**Saved entries:**
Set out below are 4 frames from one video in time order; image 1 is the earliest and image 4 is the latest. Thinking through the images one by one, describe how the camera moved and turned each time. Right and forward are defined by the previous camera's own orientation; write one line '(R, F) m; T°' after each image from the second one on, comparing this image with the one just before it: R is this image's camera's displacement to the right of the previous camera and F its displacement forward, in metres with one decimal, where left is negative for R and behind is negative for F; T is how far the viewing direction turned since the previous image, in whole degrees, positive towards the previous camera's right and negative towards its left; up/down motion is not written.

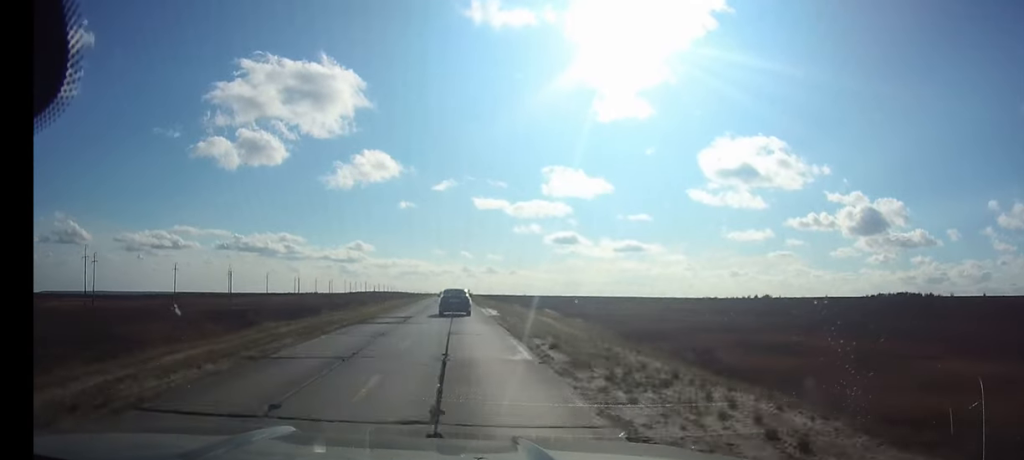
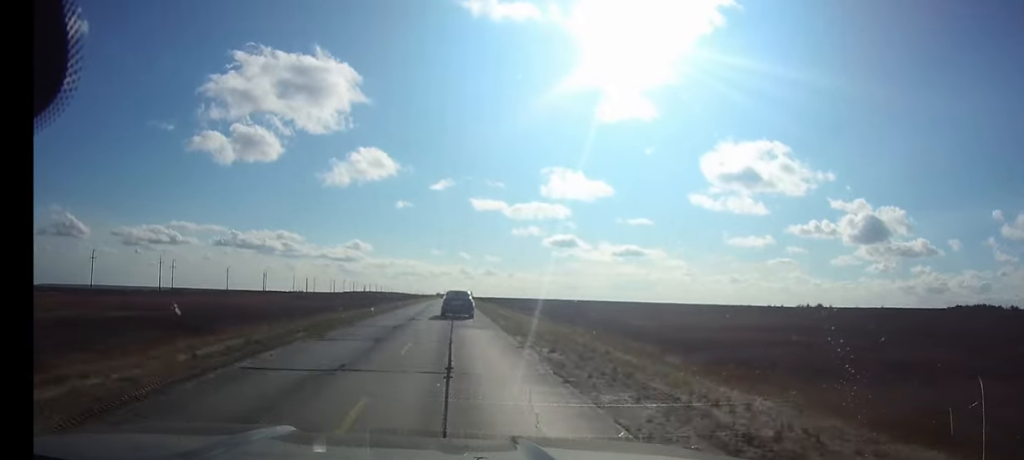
(0.0, +49.0) m; 0°
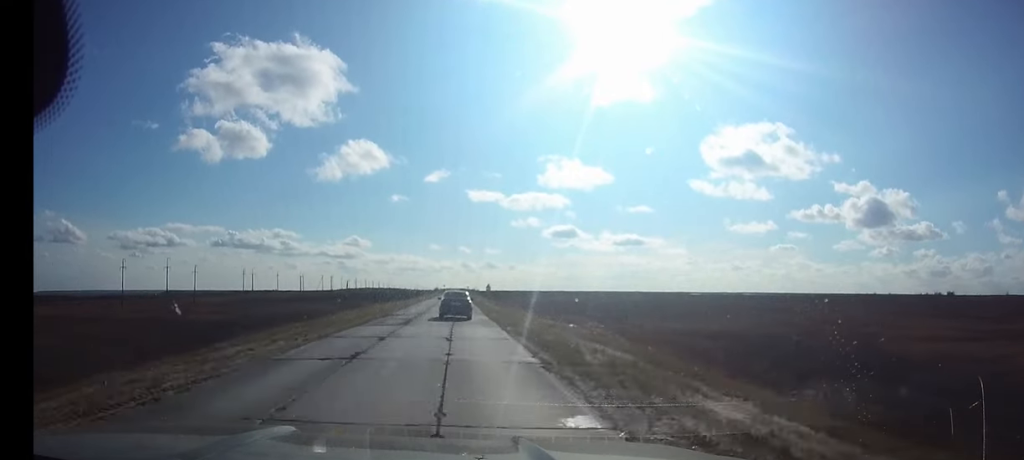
(+0.1, +80.7) m; 0°
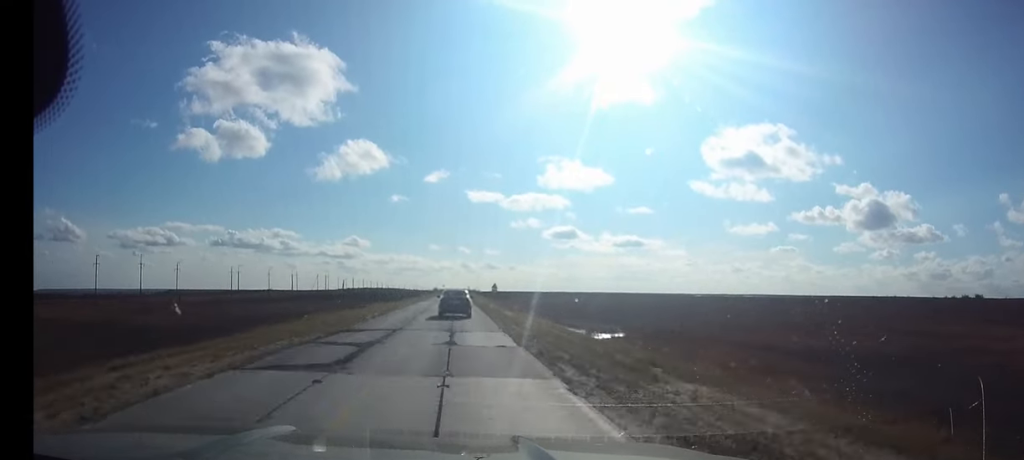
(-0.1, +14.1) m; 0°
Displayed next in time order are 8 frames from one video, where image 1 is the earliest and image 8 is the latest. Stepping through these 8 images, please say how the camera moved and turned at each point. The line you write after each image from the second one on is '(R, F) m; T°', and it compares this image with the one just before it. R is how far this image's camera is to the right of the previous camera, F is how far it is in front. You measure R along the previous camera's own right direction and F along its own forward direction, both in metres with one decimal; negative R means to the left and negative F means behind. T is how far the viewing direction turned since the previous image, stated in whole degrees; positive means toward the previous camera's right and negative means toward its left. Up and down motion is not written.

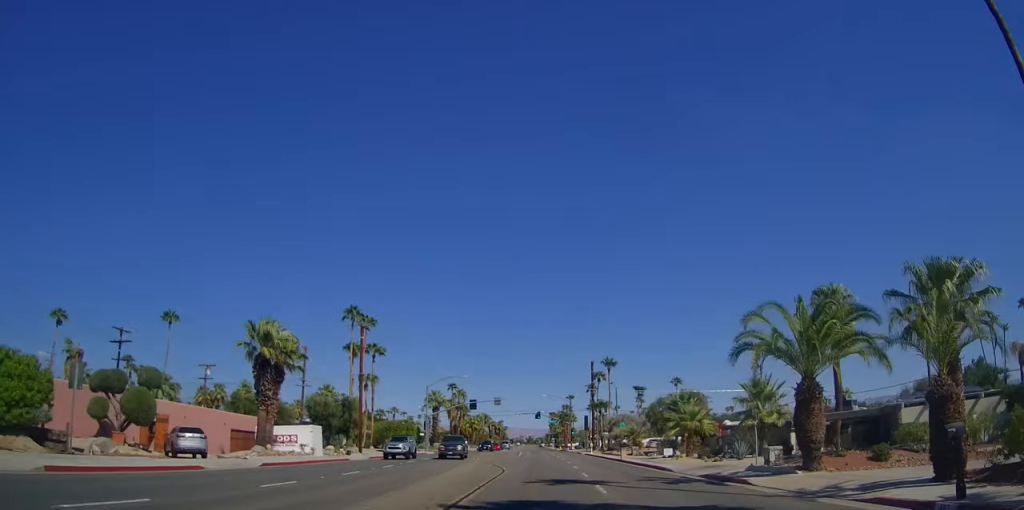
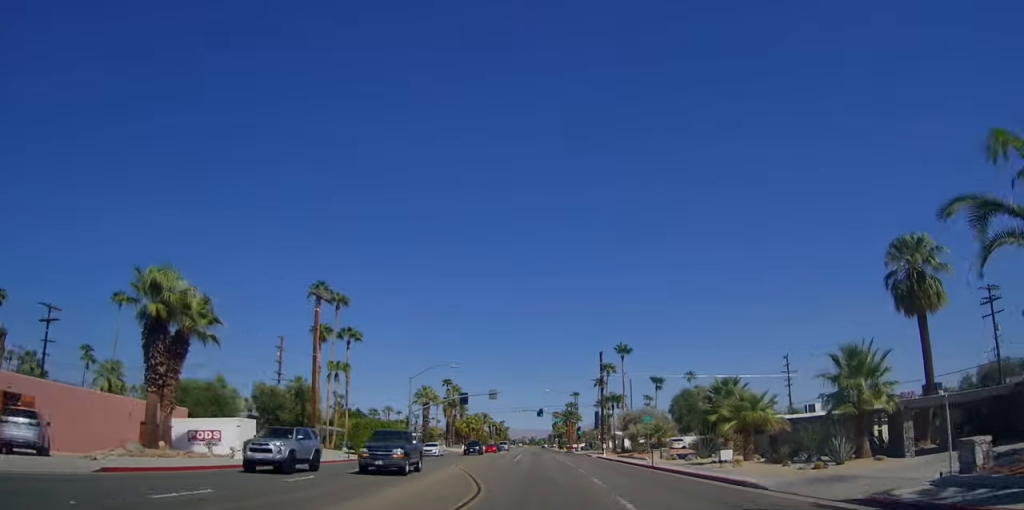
(0.0, +12.0) m; 0°
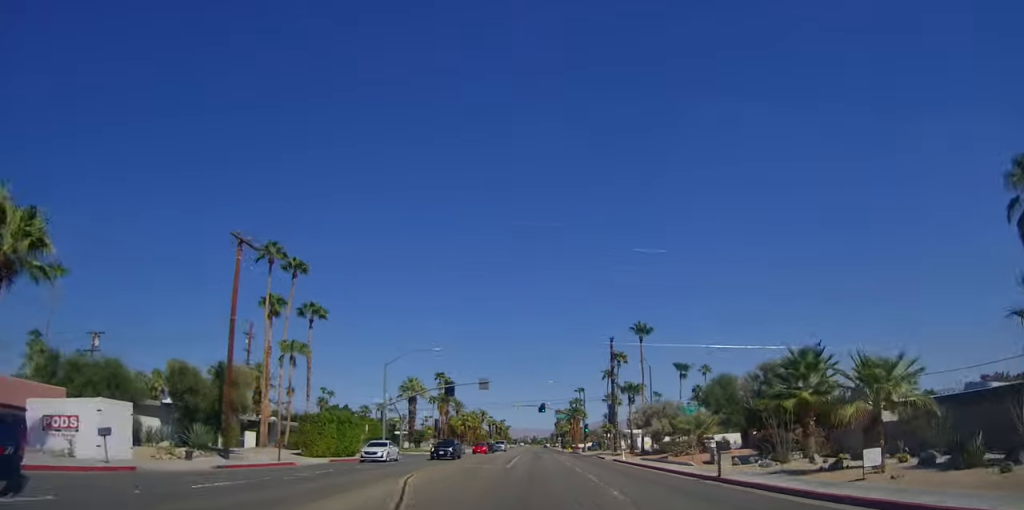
(0.0, +12.5) m; 0°
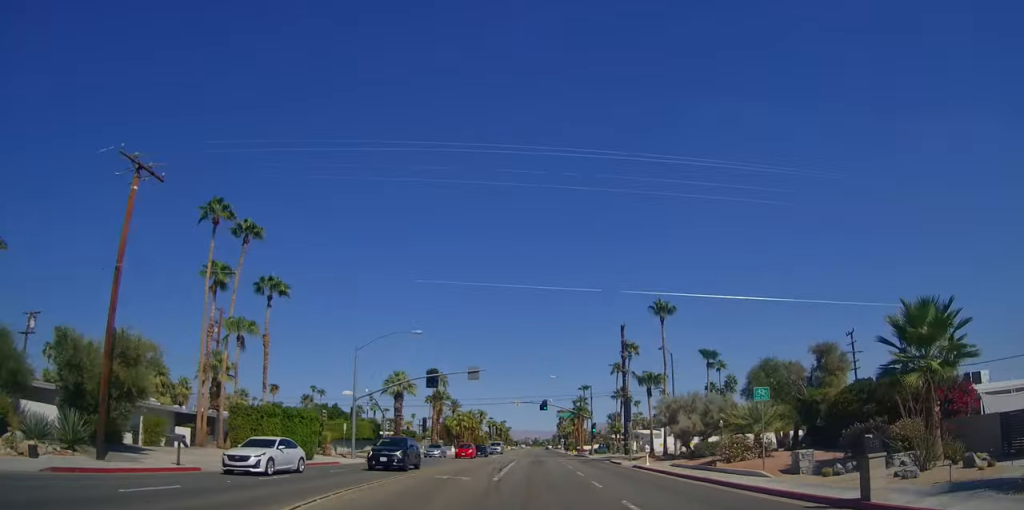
(0.0, +10.0) m; 0°
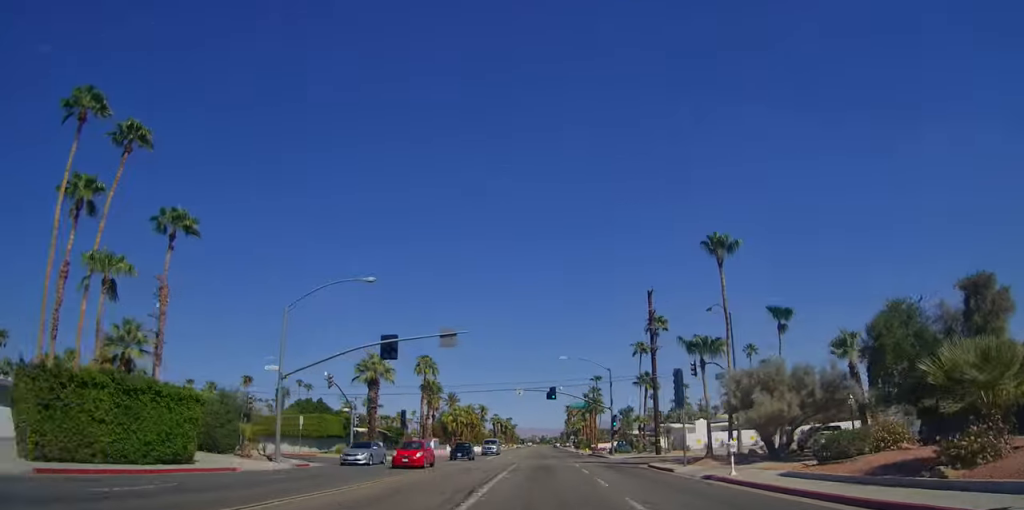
(0.0, +15.4) m; +1°
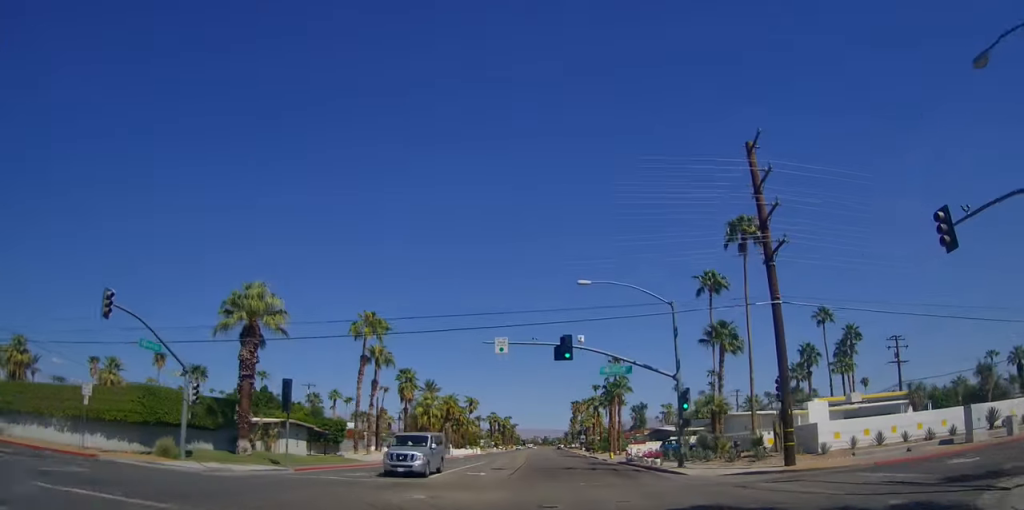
(+0.5, +29.3) m; -1°
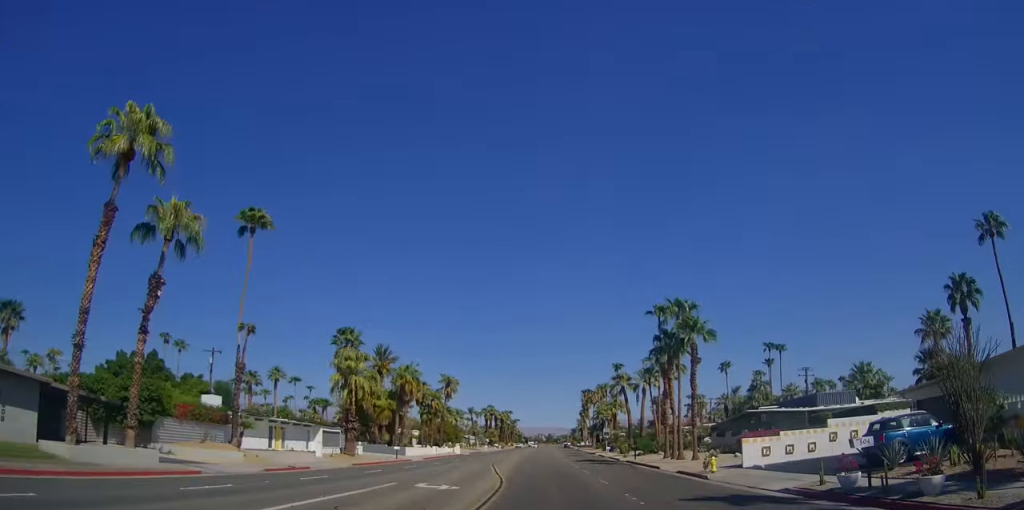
(-0.7, +33.8) m; 0°
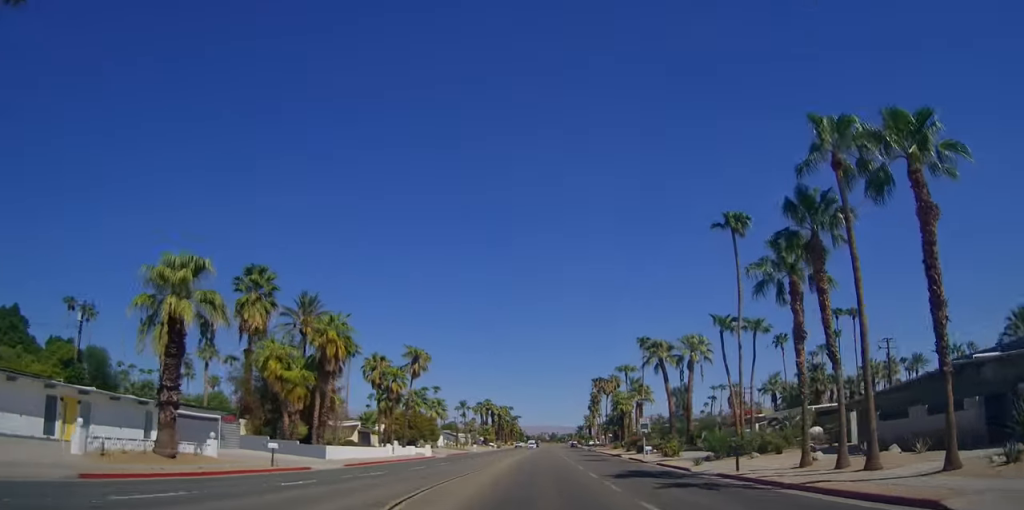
(0.0, +24.9) m; 0°

**Exercise details:** Return the data above in its exact wording, with none of the pictures.

**Answer to the exercise:**
Set out below are 4 frames from one video in time order; image 1 is the earliest and image 4 is the latest. Thinking through the images one by one, describe how the camera moved and turned each time. Right and forward are defined by the previous camera's own orientation; write one line '(R, F) m; T°' after each image from the second one on, comparing this image with the one just before it: R is this image's camera's displacement to the right of the previous camera and F its displacement forward, in metres with one decimal, where left is negative for R and behind is negative for F; T is how far the viewing direction turned since the previous image, in whole degrees, positive towards the previous camera's right and negative towards its left; up/down motion is not written.

(0.0, +49.0) m; 0°
(+0.1, +80.7) m; 0°
(-0.1, +14.1) m; 0°
Displayed next in time order are 8 frames from one video, where image 1 is the earliest and image 8 is the latest. Stepping through these 8 images, please say how the camera moved and turned at each point. The line you write after each image from the second one on is '(R, F) m; T°', and it compares this image with the one just before it. R is how far this image's camera is to the right of the previous camera, F is how far it is in front. You measure R along the previous camera's own right direction and F along its own forward direction, both in metres with one decimal; negative R means to the left and negative F means behind. T is how far the viewing direction turned since the previous image, stated in whole degrees; positive means toward the previous camera's right and negative means toward its left. Up and down motion is not written.

(0.0, +12.0) m; 0°
(0.0, +12.5) m; 0°
(0.0, +10.0) m; 0°
(0.0, +15.4) m; +1°
(+0.5, +29.3) m; -1°
(-0.7, +33.8) m; 0°
(0.0, +24.9) m; 0°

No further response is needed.